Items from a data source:
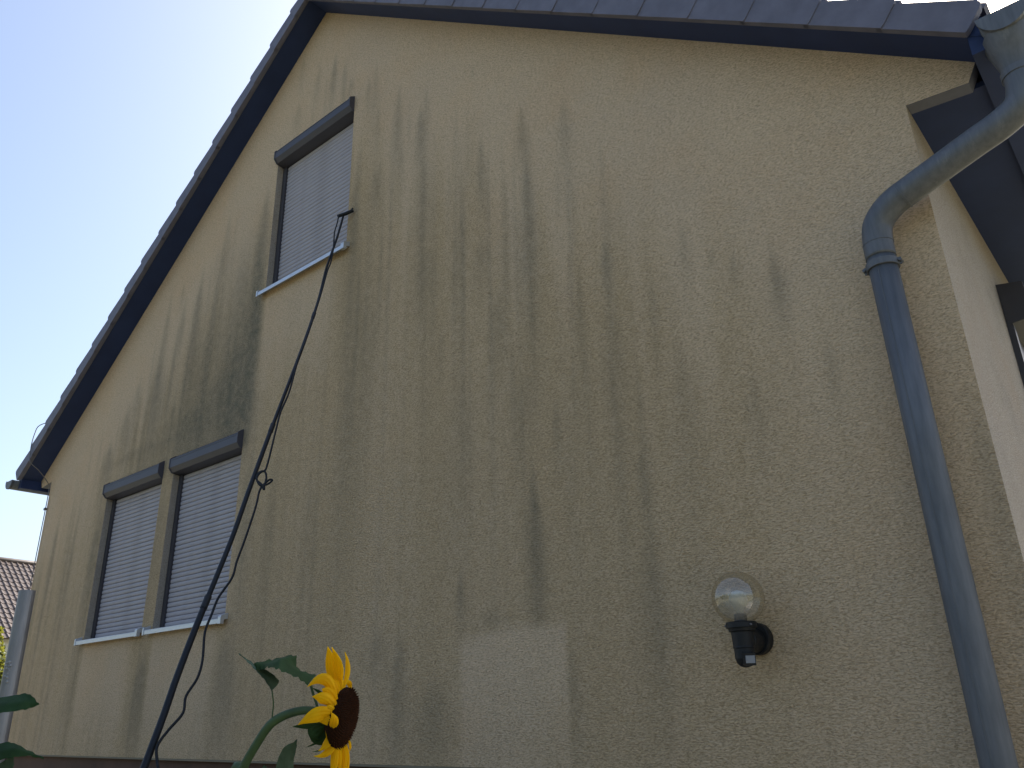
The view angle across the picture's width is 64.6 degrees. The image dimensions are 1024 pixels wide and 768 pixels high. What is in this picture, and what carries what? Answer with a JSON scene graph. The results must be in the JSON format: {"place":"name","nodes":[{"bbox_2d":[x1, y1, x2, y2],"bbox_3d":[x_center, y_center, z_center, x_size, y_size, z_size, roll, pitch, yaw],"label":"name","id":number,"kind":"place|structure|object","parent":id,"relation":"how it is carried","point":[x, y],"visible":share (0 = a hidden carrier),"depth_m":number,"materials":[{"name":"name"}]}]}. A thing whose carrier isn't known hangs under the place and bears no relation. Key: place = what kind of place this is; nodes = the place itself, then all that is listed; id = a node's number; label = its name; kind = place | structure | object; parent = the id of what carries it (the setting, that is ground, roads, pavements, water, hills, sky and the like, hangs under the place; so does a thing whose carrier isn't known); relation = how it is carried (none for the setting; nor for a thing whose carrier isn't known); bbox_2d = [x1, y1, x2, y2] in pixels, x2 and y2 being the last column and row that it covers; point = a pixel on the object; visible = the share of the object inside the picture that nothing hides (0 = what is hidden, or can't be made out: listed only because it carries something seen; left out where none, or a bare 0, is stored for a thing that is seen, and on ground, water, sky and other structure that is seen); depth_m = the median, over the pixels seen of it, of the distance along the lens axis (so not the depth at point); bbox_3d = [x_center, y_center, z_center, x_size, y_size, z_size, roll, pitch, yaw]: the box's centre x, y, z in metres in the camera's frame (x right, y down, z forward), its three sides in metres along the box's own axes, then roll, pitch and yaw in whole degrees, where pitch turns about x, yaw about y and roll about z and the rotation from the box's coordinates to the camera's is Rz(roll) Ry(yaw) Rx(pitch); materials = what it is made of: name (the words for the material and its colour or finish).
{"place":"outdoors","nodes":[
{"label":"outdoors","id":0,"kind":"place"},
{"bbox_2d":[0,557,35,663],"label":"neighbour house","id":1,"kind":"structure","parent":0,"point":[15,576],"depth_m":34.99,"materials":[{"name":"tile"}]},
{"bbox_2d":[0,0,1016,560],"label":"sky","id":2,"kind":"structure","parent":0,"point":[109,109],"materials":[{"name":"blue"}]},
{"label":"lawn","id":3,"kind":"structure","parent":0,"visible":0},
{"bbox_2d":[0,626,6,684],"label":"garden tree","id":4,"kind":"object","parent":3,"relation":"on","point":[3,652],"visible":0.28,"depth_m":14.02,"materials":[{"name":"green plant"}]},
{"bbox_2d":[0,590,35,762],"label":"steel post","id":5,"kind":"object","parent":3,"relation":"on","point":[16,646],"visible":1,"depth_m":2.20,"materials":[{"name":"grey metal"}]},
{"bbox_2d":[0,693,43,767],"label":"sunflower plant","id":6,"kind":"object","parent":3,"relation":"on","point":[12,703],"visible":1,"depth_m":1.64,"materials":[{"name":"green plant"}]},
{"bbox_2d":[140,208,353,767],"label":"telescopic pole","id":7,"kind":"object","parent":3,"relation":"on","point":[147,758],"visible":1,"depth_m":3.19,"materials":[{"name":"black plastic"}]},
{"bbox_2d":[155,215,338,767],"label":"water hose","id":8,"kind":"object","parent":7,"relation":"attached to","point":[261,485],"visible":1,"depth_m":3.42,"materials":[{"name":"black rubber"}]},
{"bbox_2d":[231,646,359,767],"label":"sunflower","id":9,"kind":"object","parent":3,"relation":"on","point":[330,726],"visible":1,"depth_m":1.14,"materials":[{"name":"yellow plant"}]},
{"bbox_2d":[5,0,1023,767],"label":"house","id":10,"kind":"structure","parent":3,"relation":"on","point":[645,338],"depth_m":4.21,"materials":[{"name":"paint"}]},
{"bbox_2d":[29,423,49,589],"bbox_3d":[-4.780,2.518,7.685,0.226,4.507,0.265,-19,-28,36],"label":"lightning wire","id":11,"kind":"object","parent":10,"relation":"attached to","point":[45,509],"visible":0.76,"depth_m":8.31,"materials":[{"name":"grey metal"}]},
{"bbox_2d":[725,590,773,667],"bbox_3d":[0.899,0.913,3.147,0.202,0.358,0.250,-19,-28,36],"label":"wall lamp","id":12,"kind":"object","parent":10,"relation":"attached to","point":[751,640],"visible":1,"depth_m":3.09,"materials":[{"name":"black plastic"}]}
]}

THE TASK: In the copy, no pictures should appear; the records themselves must be repeated exactly.

ANSWER FOR THIS EXERCISE:
The view angle across the picture's width is 64.6 degrees. The image dimensions are 1024 pixels wide and 768 pixels high. What is in this picture, and what carries what? Answer with a JSON scene graph. The results must be in the JSON format: {"place":"name","nodes":[{"bbox_2d":[x1, y1, x2, y2],"bbox_3d":[x_center, y_center, z_center, x_size, y_size, z_size, roll, pitch, yaw],"label":"name","id":number,"kind":"place|structure|object","parent":id,"relation":"how it is carried","point":[x, y],"visible":share (0 = a hidden carrier),"depth_m":number,"materials":[{"name":"name"}]}]}. A thing whose carrier isn't known hangs under the place and bears no relation. Key: place = what kind of place this is; nodes = the place itself, then all that is listed; id = a node's number; label = its name; kind = place | structure | object; parent = the id of what carries it (the setting, that is ground, roads, pavements, water, hills, sky and the like, hangs under the place; so does a thing whose carrier isn't known); relation = how it is carried (none for the setting; nor for a thing whose carrier isn't known); bbox_2d = [x1, y1, x2, y2] in pixels, x2 and y2 being the last column and row that it covers; point = a pixel on the object; visible = the share of the object inside the picture that nothing hides (0 = what is hidden, or can't be made out: listed only because it carries something seen; left out where none, or a bare 0, is stored for a thing that is seen, and on ground, water, sky and other structure that is seen); depth_m = the median, over the pixels seen of it, of the distance along the lens axis (so not the depth at point); bbox_3d = [x_center, y_center, z_center, x_size, y_size, z_size, roll, pitch, yaw]: the box's centre x, y, z in metres in the camera's frame (x right, y down, z forward), its three sides in metres along the box's own axes, then roll, pitch and yaw in whole degrees, where pitch turns about x, yaw about y and roll about z and the rotation from the box's coordinates to the camera's is Rz(roll) Ry(yaw) Rx(pitch); materials = what it is made of: name (the words for the material and its colour or finish).
{"place":"outdoors","nodes":[
{"label":"outdoors","id":0,"kind":"place"},
{"bbox_2d":[0,557,35,663],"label":"neighbour house","id":1,"kind":"structure","parent":0,"point":[15,576],"depth_m":34.99,"materials":[{"name":"tile"}]},
{"bbox_2d":[0,0,1016,560],"label":"sky","id":2,"kind":"structure","parent":0,"point":[109,109],"materials":[{"name":"blue"}]},
{"label":"lawn","id":3,"kind":"structure","parent":0,"visible":0},
{"bbox_2d":[0,626,6,684],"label":"garden tree","id":4,"kind":"object","parent":3,"relation":"on","point":[3,652],"visible":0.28,"depth_m":14.02,"materials":[{"name":"green plant"}]},
{"bbox_2d":[0,590,35,762],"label":"steel post","id":5,"kind":"object","parent":3,"relation":"on","point":[16,646],"visible":1,"depth_m":2.20,"materials":[{"name":"grey metal"}]},
{"bbox_2d":[0,693,43,767],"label":"sunflower plant","id":6,"kind":"object","parent":3,"relation":"on","point":[12,703],"visible":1,"depth_m":1.64,"materials":[{"name":"green plant"}]},
{"bbox_2d":[140,208,353,767],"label":"telescopic pole","id":7,"kind":"object","parent":3,"relation":"on","point":[147,758],"visible":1,"depth_m":3.19,"materials":[{"name":"black plastic"}]},
{"bbox_2d":[155,215,338,767],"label":"water hose","id":8,"kind":"object","parent":7,"relation":"attached to","point":[261,485],"visible":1,"depth_m":3.42,"materials":[{"name":"black rubber"}]},
{"bbox_2d":[231,646,359,767],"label":"sunflower","id":9,"kind":"object","parent":3,"relation":"on","point":[330,726],"visible":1,"depth_m":1.14,"materials":[{"name":"yellow plant"}]},
{"bbox_2d":[5,0,1023,767],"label":"house","id":10,"kind":"structure","parent":3,"relation":"on","point":[645,338],"depth_m":4.21,"materials":[{"name":"paint"}]},
{"bbox_2d":[29,423,49,589],"bbox_3d":[-4.780,2.518,7.685,0.226,4.507,0.265,-19,-28,36],"label":"lightning wire","id":11,"kind":"object","parent":10,"relation":"attached to","point":[45,509],"visible":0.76,"depth_m":8.31,"materials":[{"name":"grey metal"}]},
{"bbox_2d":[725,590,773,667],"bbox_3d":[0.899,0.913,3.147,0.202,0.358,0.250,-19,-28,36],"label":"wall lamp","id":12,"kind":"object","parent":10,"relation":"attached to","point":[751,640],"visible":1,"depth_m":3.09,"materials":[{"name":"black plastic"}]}
]}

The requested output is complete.